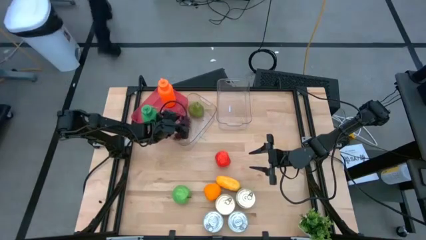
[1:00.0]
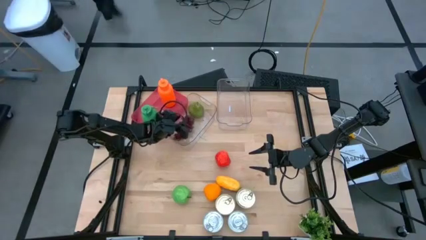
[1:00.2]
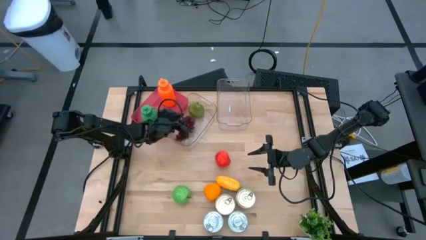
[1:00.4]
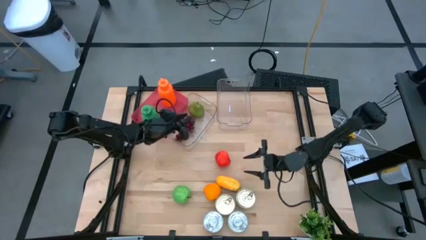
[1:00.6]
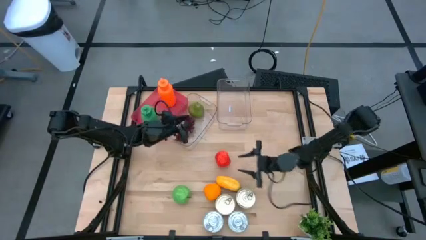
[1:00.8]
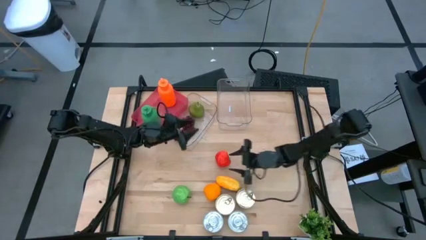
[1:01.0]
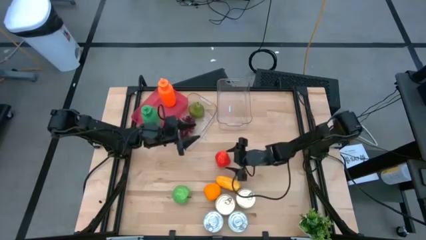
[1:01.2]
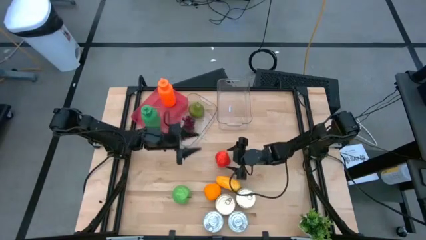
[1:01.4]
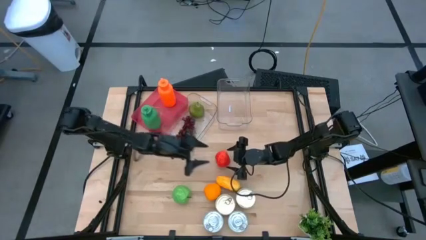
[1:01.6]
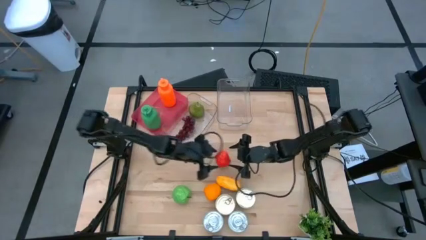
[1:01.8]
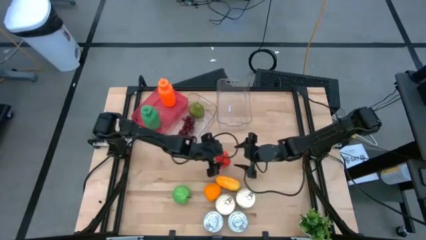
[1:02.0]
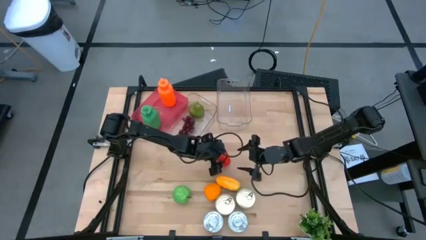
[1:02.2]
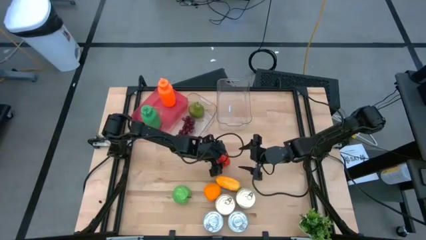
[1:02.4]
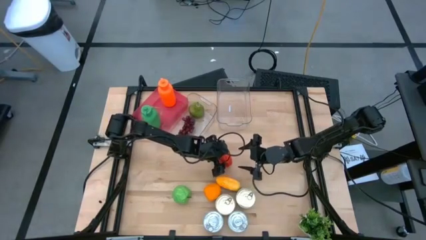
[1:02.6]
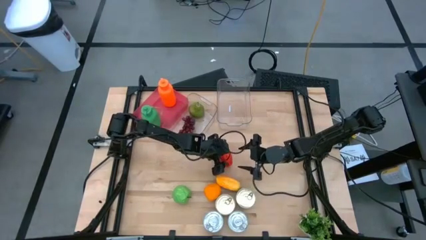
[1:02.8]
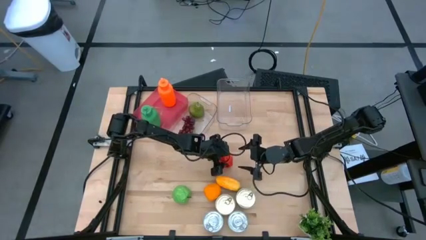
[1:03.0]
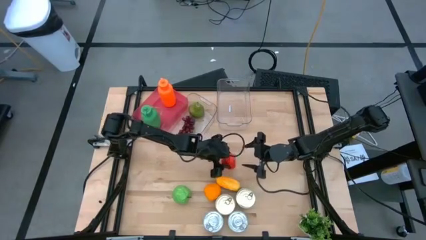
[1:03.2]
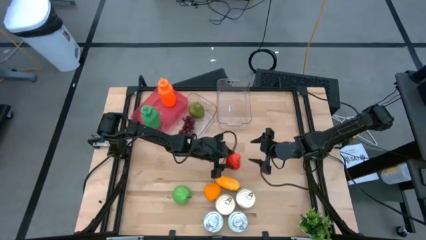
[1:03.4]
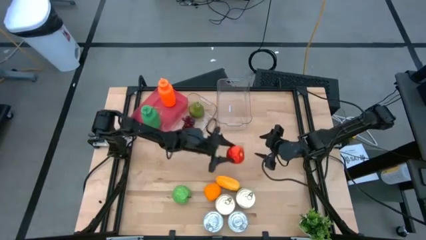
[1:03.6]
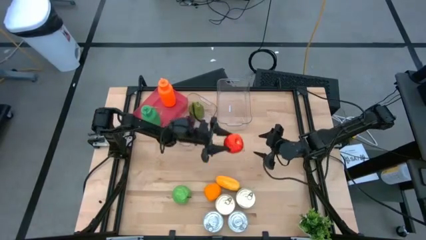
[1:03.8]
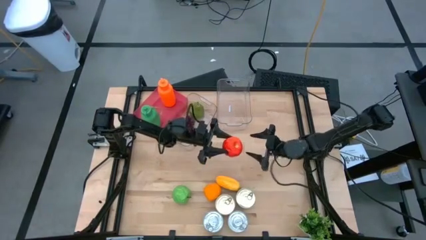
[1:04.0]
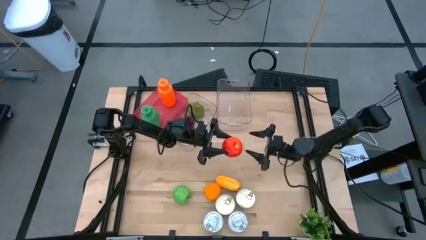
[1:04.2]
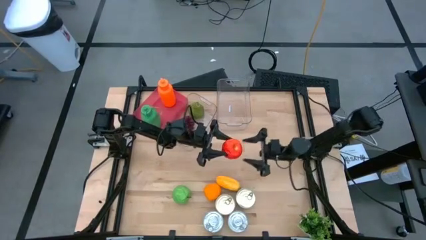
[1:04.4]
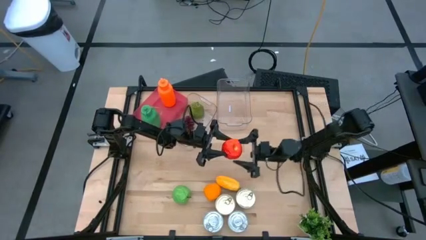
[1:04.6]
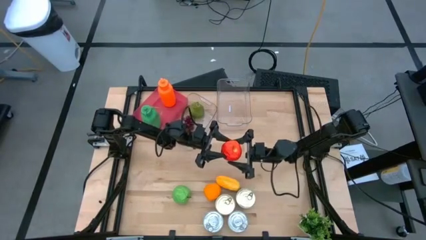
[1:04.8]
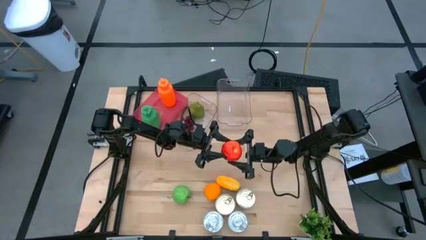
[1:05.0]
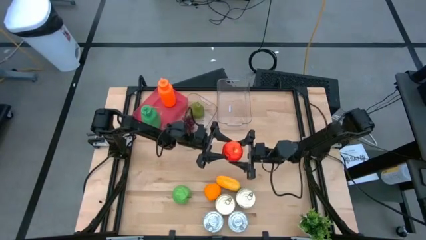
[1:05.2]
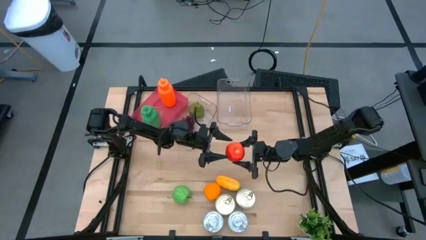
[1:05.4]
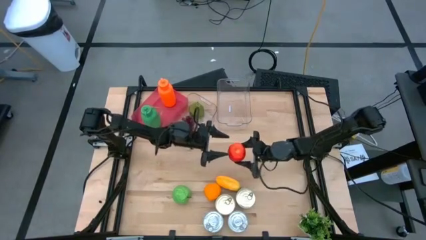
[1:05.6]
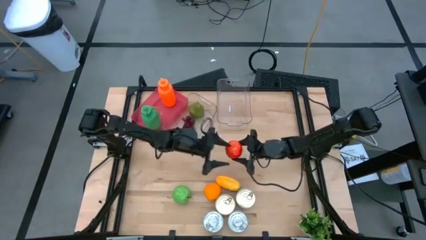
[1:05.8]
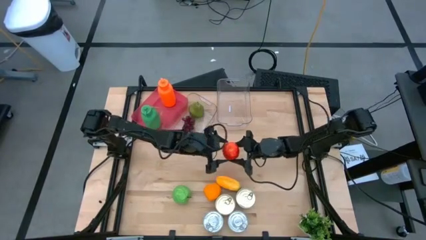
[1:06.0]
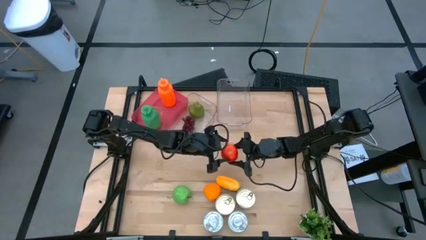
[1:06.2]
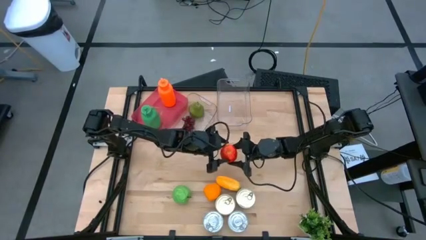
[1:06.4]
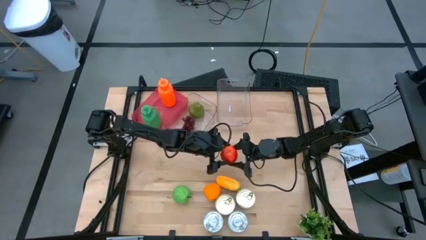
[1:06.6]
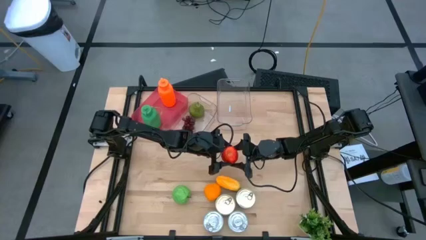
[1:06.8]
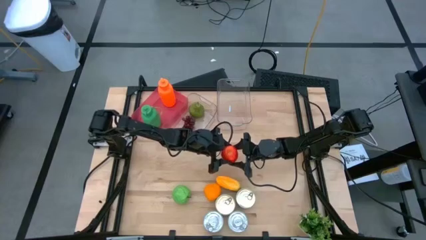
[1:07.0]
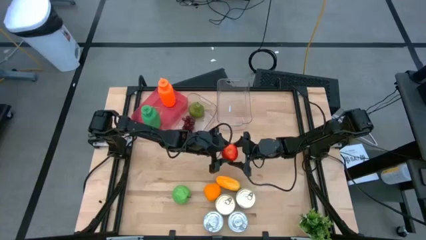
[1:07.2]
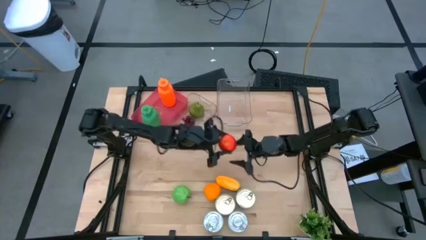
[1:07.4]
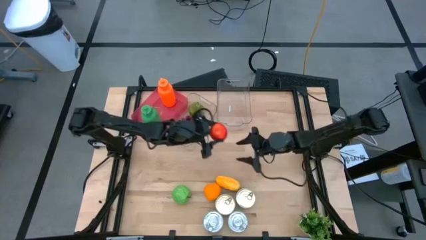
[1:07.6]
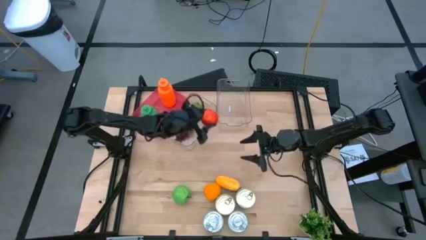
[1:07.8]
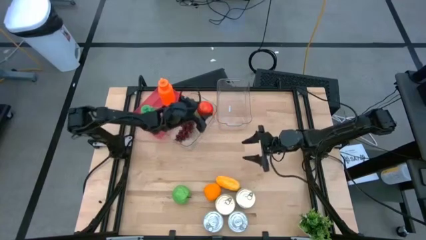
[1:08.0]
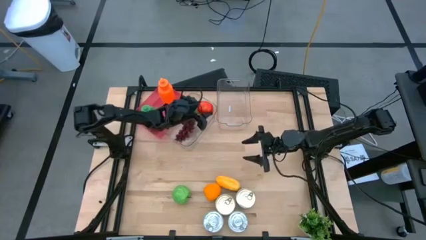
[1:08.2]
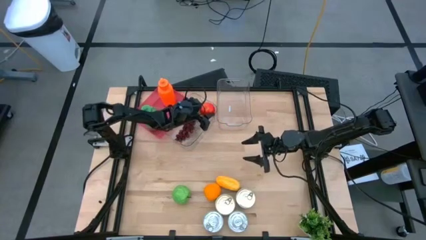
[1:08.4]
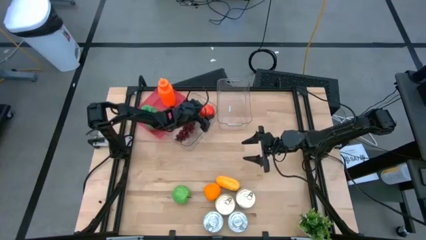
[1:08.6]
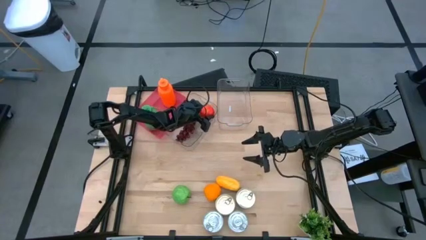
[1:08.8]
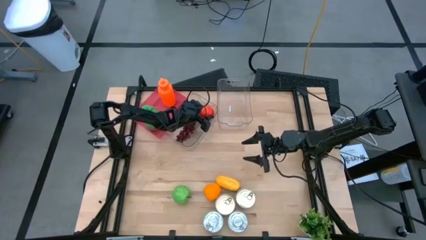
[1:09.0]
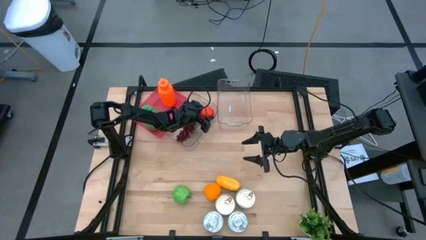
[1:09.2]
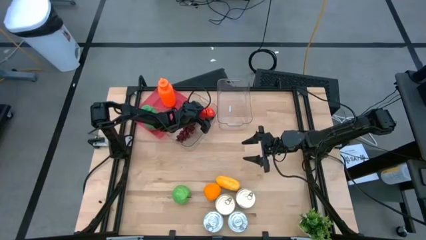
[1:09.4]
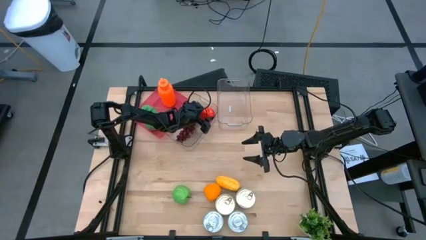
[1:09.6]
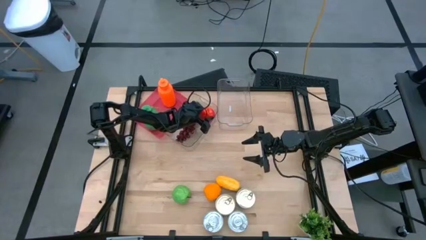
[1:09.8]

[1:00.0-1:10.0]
Task: Pick & Place Food Item
Put the red apple into the left transparent bin

» Work to be completed
The answer is the records above, repeated exactly, with no picture in it.

» Task solution
[1:00.0]
[1:00.2]
[1:00.4]
[1:00.6]
[1:00.8]
[1:01.0]
[1:01.2]
[1:01.4]
[1:01.6]
[1:01.8]
[1:02.0]
[1:02.2]
[1:02.4]
[1:02.6]
[1:02.8]
[1:03.0]
[1:03.2]
[1:03.4]
[1:03.6]
[1:03.8]
[1:04.0]
[1:04.2]
[1:04.4]
[1:04.6]
[1:04.8]
[1:05.0]
[1:05.2]
[1:05.4]
[1:05.6]
[1:05.8]
[1:06.0]
[1:06.2]
[1:06.4]
[1:06.6]
[1:06.8]
[1:07.0]
[1:07.2]
[1:07.4]
[1:07.6]
[1:07.8]
[1:08.0]
[1:08.2]
[1:08.4]
[1:08.6]
[1:08.8]
[1:09.0]
[1:09.2]
[1:09.4]
[1:09.6]
[1:09.8]

[1:00.0-1:10.0]
Task: Pick & Place Food Item
Put the red apple into the left transparent bin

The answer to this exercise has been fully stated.